What's unsaid here is law enforcement should be careful what it wishes for. Encryption that allows government on-demand access may drown it in useless data and documents. If time is of the essence in cases where law enforcement is seeking to prevent further criminal activity, having a golden key may not move things along any faster. I'm sure the FBI and others would prefer access all the same, but this does point to a potential negative side effect of cheap storage and endless data generation.

And the more access law enforcement has, the more chances there are for something to go horribly wrong on the provider's end.

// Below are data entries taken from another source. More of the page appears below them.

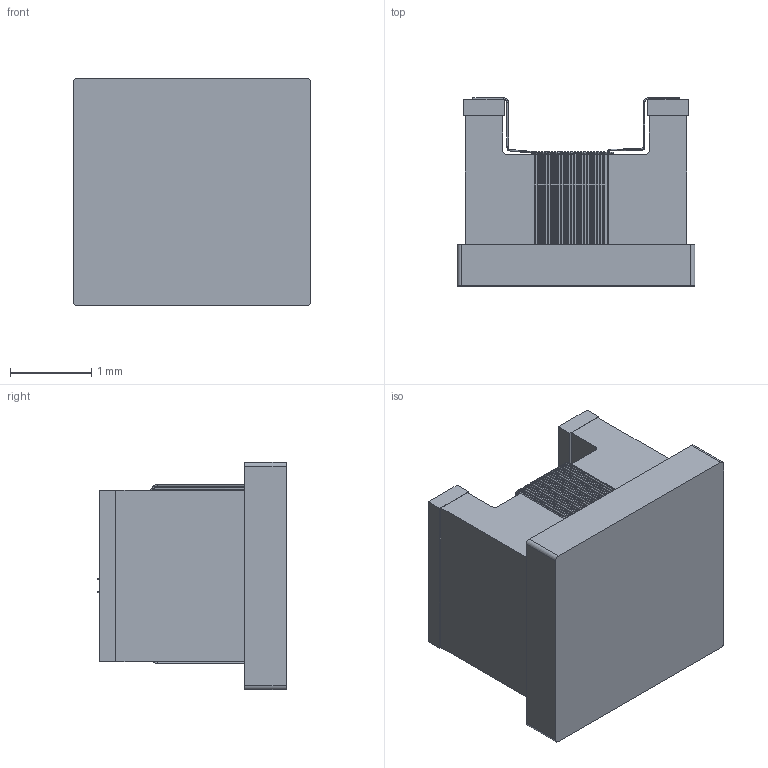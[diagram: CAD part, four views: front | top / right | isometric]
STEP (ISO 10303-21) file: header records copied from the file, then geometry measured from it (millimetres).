
FILE_DESCRIPTION (( 'STEP AP214' ), '1' );
FILE_NAME ('AISC-1008F.STEP', '2013-10-31T06:16:24', ( '' ), ( '' ), 'SwSTEP 2.0', 'SolidWorks 2012', '' );
FILE_SCHEMA (( 'AUTOMOTIVE_DESIGN' ));
Length unit declared in the file: millimetre
Products named in the file (1): AISC-1008F
Bounding box: 2.92 x 2.31 x 2.79 mm (x, y, z)
Volume: 11.8 mm3; surface area: 46.3 mm2
Topology: 1 solids, 1 shells, 387 faces, 1224 edges, 814 vertices
Faces by surface type: cylinder 152, torus 100, plane 76, bspline 59
Entity records: 23074 total; most frequent: CARTESIAN_POINT 7912, ORIENTED_EDGE 2448, DIRECTION 2292, EDGE_CURVE 1224, AXIS2_PLACEMENT_3D 947, VERTEX_POINT 814, CIRCLE 618, EDGE_LOOP 450

How frequently might vendors be asked to unlock phones? It is difficult to predict the volume of requests to vendors, but a figure in the tens of thousands per year seems reasonable, given the number of criminal wiretaps per year in the United States and the number of inaccessible devices reported by just the FBI and Manhattan District Attorney’s Office. As a result, each vendor, depending on its market share, needs to be able to handle thousands to tens of thousands of domestic requests per year.

Such a change in scale, as compared to the software update process, would necessitate a change in process and may require a larger number of people authorized to release an unlock code than are authorized to release a software update, which would increase the insider risk.

The paper also runs down stats provided by the FBI and the Manhattan DA's office. It notes the overall number of unlockable phones has continued to rise but points out these numbers aren't all that meaningful without context.

In November 11, 2016, testimony to this committee, then-Federal Bureau of Investigation (FBI) General Counsel James Baker reported that for fiscal year 2016, the FBI had encountered passcodes on 2,095 of the 6,814 mobile devices examined by its forensic laboratories. They were able to break into 1,210 of the locked phones, leaving 885 that could not be accessed. The information Baker presented did not address the nature of the crimes involves nor whether the crimes were solved using other techniques.

[...]

Although existing data clearly show that encryption is being encountered with increasing frequency, the figures above do not give a clear picture of how frequently an inability to access information seriously hinders investigations and prosecutions.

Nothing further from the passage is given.